Mr Leung thinks the choice facing Hong Kong people now is much starker compared with those who emigrated in the 1980s and ‘90s. “When they chose to move to western countries, they knew there was still a place that they could call home and they could always visit Hong Kong,” he said.

“If the situation in Hong Kong continues to deteriorate, I would feel like I shouldn’t come back to visit after I move to the UK. I think the Hong Kong government and Chinese government are trying to destroy the norms that Hong Kong’s civil society has established over the last few decades,” he added.

A division of work

Apart from arrests made under the NSL, the Hong Kong police has increased the frequency of arrests made under other laws, targeting prominent pro-democracy figures like activist and politician Joshua Wong, media mogul Jimmy Lai, and other former legislators.

Chow Hang Tung, a Hong Kong barrister and vice chairperson of the Hong Kong Alliance, became the latest target of Beijing’s most recent crackdown. She was arrested last Friday for allegedly publicising an unauthorised assembly via social media, which was the annual Tiananmen Vigil, commemorating the 1989 pro-democracy crackdown, that was banned by the police for the second year in a row.

Hong Kong’s Victoria Park on June 4 2021, usually the site of an annual candelight vigil remembering the Tiananmen Square crackdown, but police warned people not to attend (AP)
Hong Kong’s Victoria Park on June 4 2021, usually the site of an annual candelight vigil remembering the Tiananmen Square crackdown, but police warned people not to attend (AP)

After she was released on Saturday, Mr Chow characterised the arrest as the government trying to “frighten” people and prevent them from marking the Tiananmen Squre crackdown.
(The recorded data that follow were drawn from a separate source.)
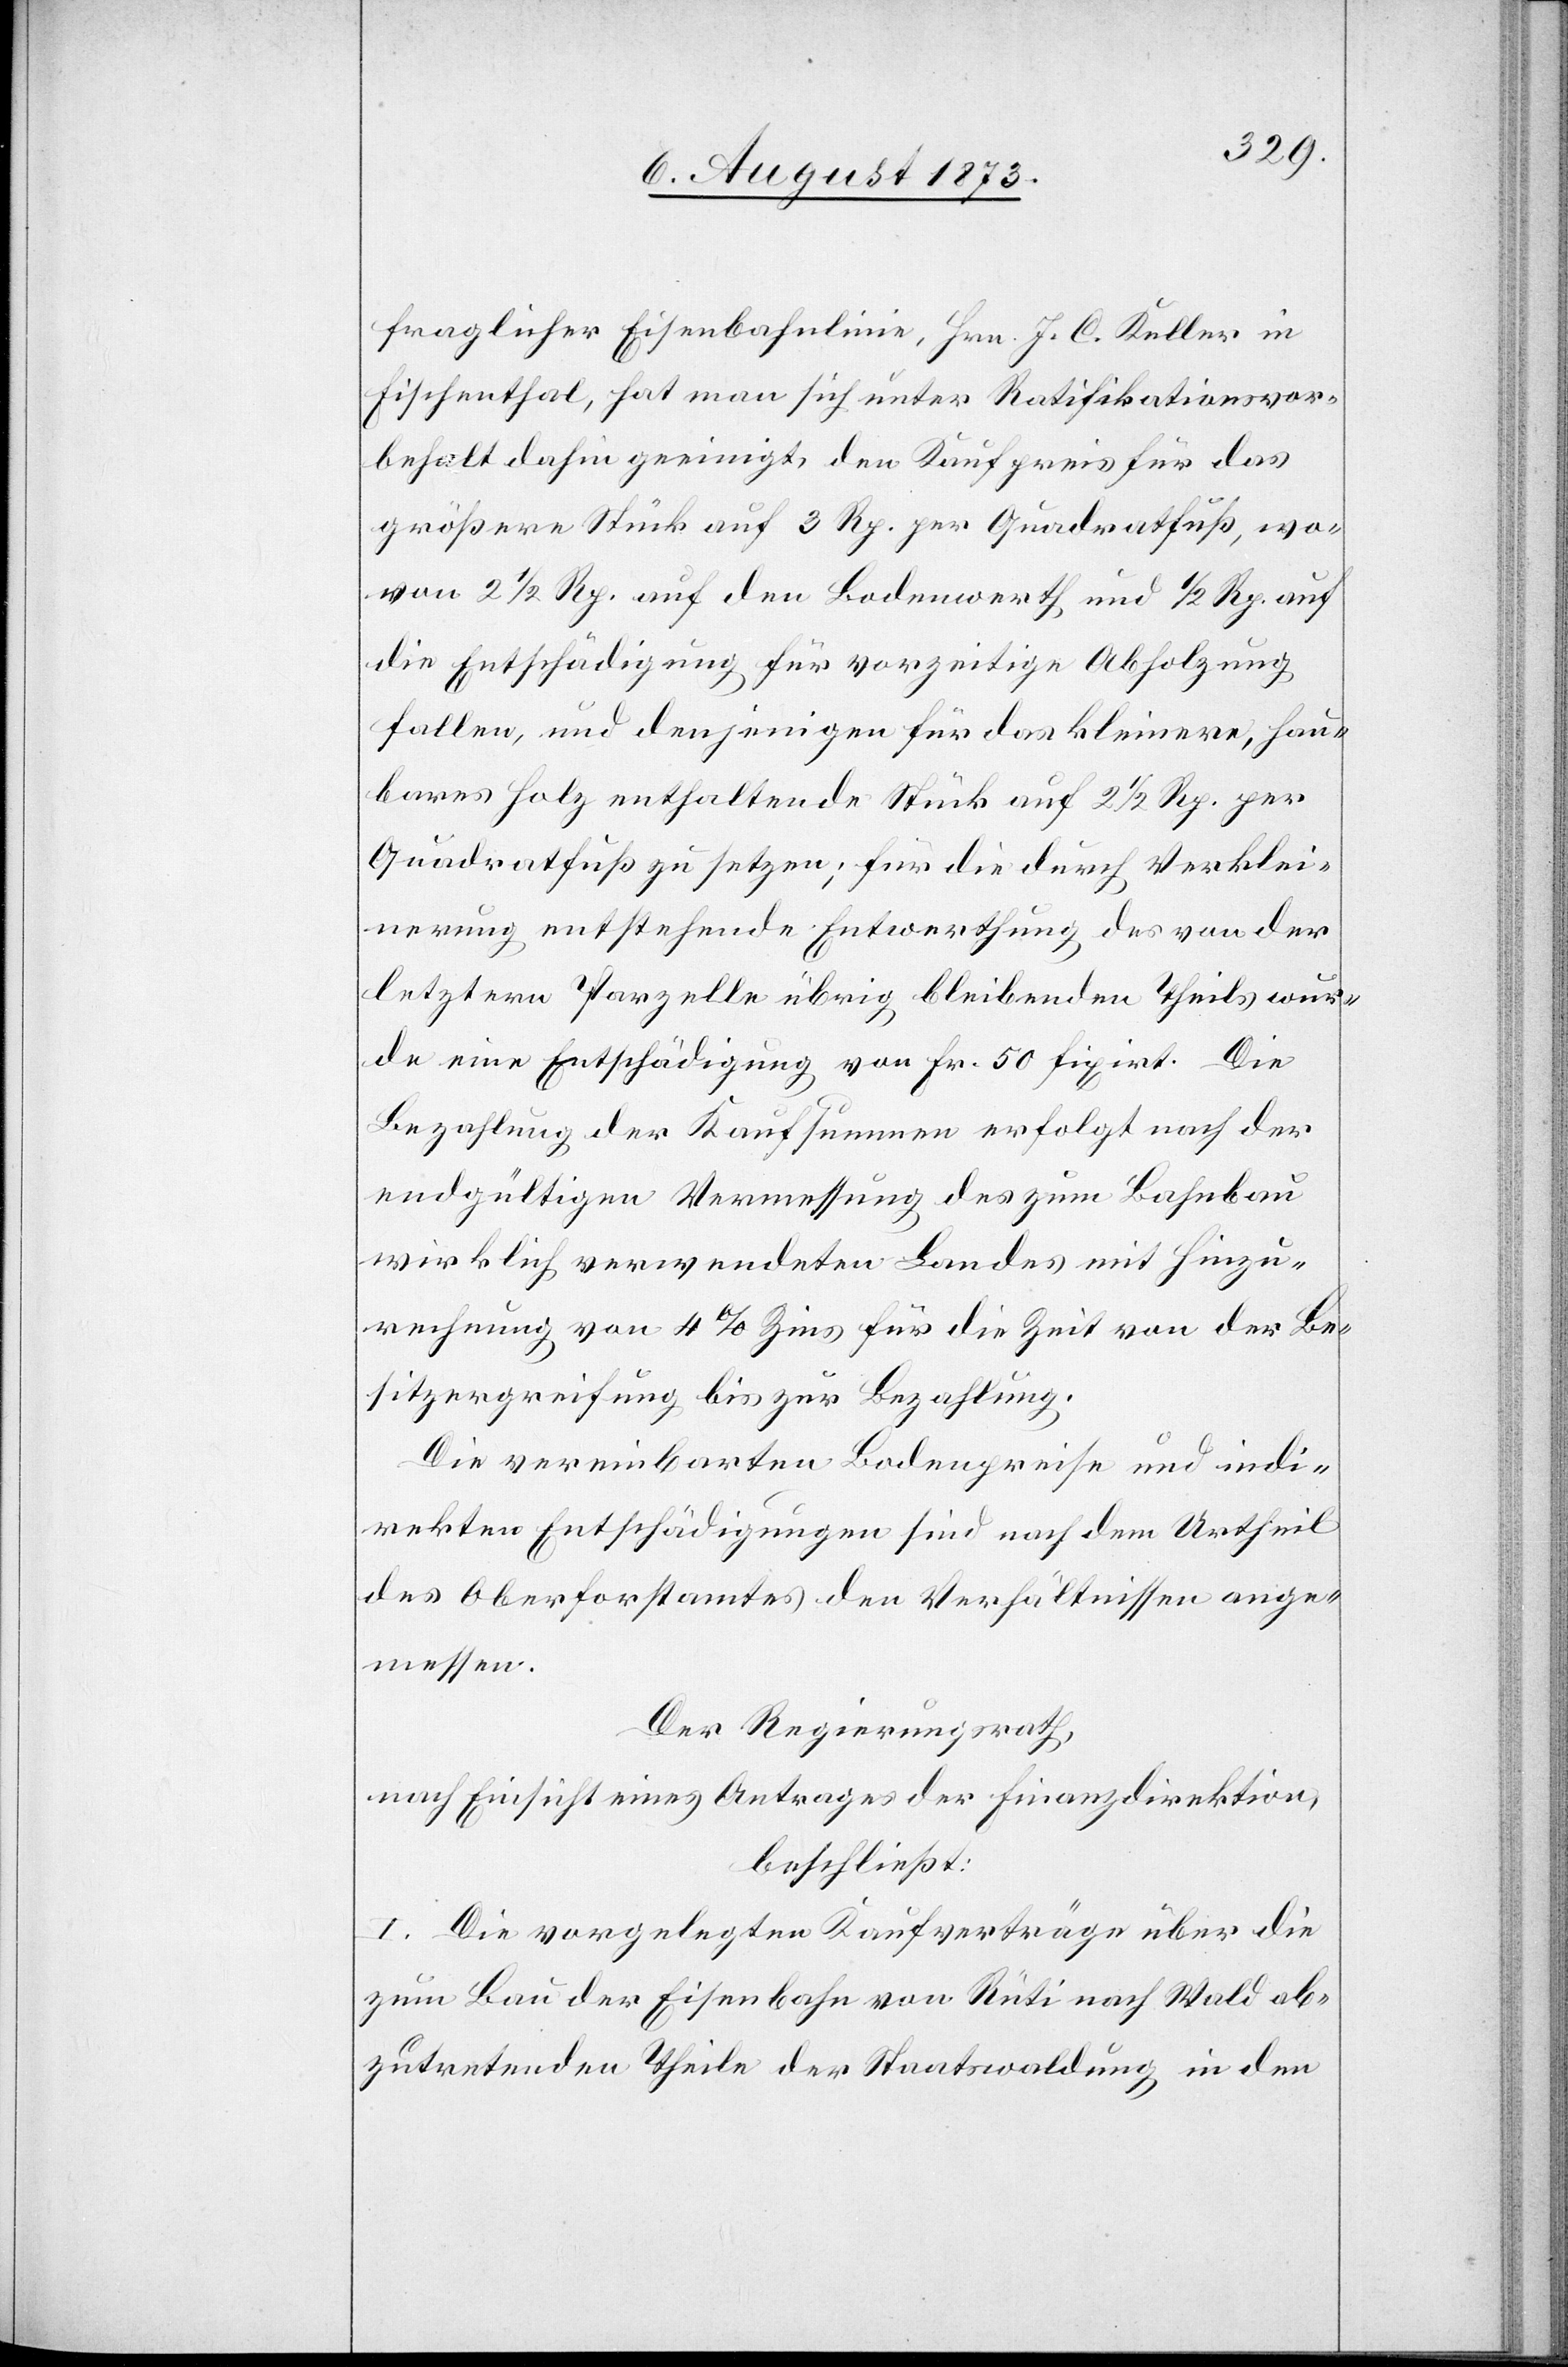
fraglicher Eisenbahnlinie, Hrn. J. C. Keller in
Fischenthal, hat man sich unter Ratifikationsvor¬
behalt dahin geeinigt, den Kaufpreis für das
größere Stück auf 3 Rp. per Quadratfuß, wo¬
von 2 1/2 Rp. auf den Bodenwerth und 1/2 Rp. auf
die Entschädigung für vorzeitige Abholzung
fallen, und denjenigen für das kleinere, hau¬
bares Holz enthaltende Stück auf 2 1/2 Rp. per
Quadratfuß zu setzen; für die durch Verklei¬
nerung entstehende Entwerthung des von der
letztern Parzelle übrig bleibenden Theils wur¬
de eine Entschädigung von Fr. 50 fixirt. Die
Bezahlung der Kaufsummen erfolgt nach der
endgültigen Vermessung des zum Bahnbau
wirklich verwendeten Landes mit Hinzu¬
rechnung von 4% Zins für die Zeit von der Be¬
sitzergreifung bis zur Bezahlung.
Die vereinbarten Bodenpreise und indi¬
rekten Entschädigungen sind nach dem Urtheil
des Oberforstamtes den Verhältnissen ange¬
messen.
Der Regierungsrath,
nach Einsicht eines Antrages der Finanzdirektion,
beschließt:
I. Die vorgelegten Kaufverträge über die
zum Bau der Eisenbahn von Rüti nach Wald ab¬
zutretenden Theile der Staatswaldung in den

To her, the imposition of the NSL has made it more difficult to work and plan events because simple actions that no one used to care about will need to be debated over and over again.

“It’s been much more difficult to coordinate actions and make people come out,” explained Chow . “The law has damaged the social fabrics that used to bring different parties in Hong Kong’s civil society together.”
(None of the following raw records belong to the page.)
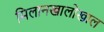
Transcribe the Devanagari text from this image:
मिलानखालोखाल
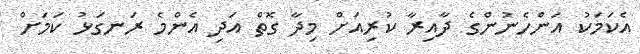
އެކަމަކު އަންހެނުންގެ ދާއިރާ ކުރިއަށް މިދާ ގޮތް އަދި އެންމެ ރަނގަޅު ކަމަށް
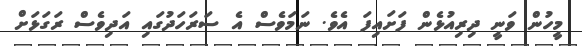
މީހުން ވަނީ ދިރިއުޅެން ފަށައިފަ އެވެ. ނަމަވެސް އެ ސަރަހަދުގައި އަދިވެސް ރަގަޅަށް
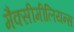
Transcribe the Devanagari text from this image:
मैक्सीमीलियन्स
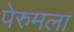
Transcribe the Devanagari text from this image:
पेरुमला
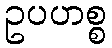
ဥပဟစ္စ
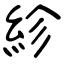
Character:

Despite the worsening conditions for civil society groups like Hong Kong Alliance, Chow said she has no plans to leave the city. She believes that activists like her can achieve more by staying in Hong Kong. “I think if you want people to continue the fight, you first have to be there and not abandon them,” she said.
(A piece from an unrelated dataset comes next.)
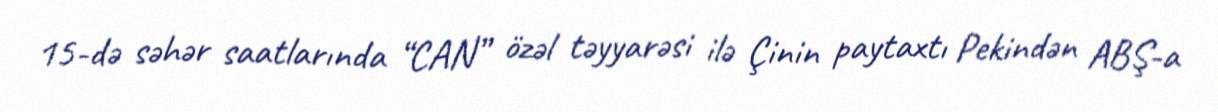
15-də səhər saatlarında “CAN” özəl təyyarəsi ilə Çinin paytaxtı Pekindən ABŞ-a

Previously, we always thought about Hong Kong as a physical place, but we now need to highlight the core values including democracy, freedom and social justice that define Hong Kongers.

Simon Cheng, formerly at the British Consulate in Hong Kong

“You should explore and expand every space and action that still exists. I think there are a lot of lessons from other campaigns and other people’s movements,” she added.

She cites the Tiananmen Square pro-democracy protests as an example. Following the bloody crackdown in Beijing in 1989, several key student leaders were forced into exile while some activists remained in China to fight for the cause of the movement. “Those who are outside of China are supporting what’s happening in China, and that’s how it should be,” Chow said of the movement today

“I’m not saying it’s not important to have people abroad to do international lobbying as it’s a sacrifice to leave Hong Kong. While someone needs to do that, someone also needs to stay in Hong Kong. It’s a division of work,” she explained.

For Hong Kongers who have moved to the UK, they think one of the important missions now is to find ways to uphold the core values that define Hong Kong as it used to be.

“Previously, we always thought about Hong Kong as a physical place, but we now need to highlight the core values including democracy, freedom and social justice that define Hong Kongers,” said Simon Cheng, a former staff at the British Consulate in Hong Kong who now lives in London.

Gavin Mok agrees with Mr Cheng’s ideas.

While he may have felt compelled to leave the city itself, he hasn’t given up on being a Hong Konger.

“I can keep upholding the spirit and values of Hong Kong no matter where I am, but it no longer makes sense for me to remain in Hong Kong,” he said.

“Leaving the city behind doesn’t mean I don’t love Hong Kong, but I need to give up on some things that I can no longer reclaim.”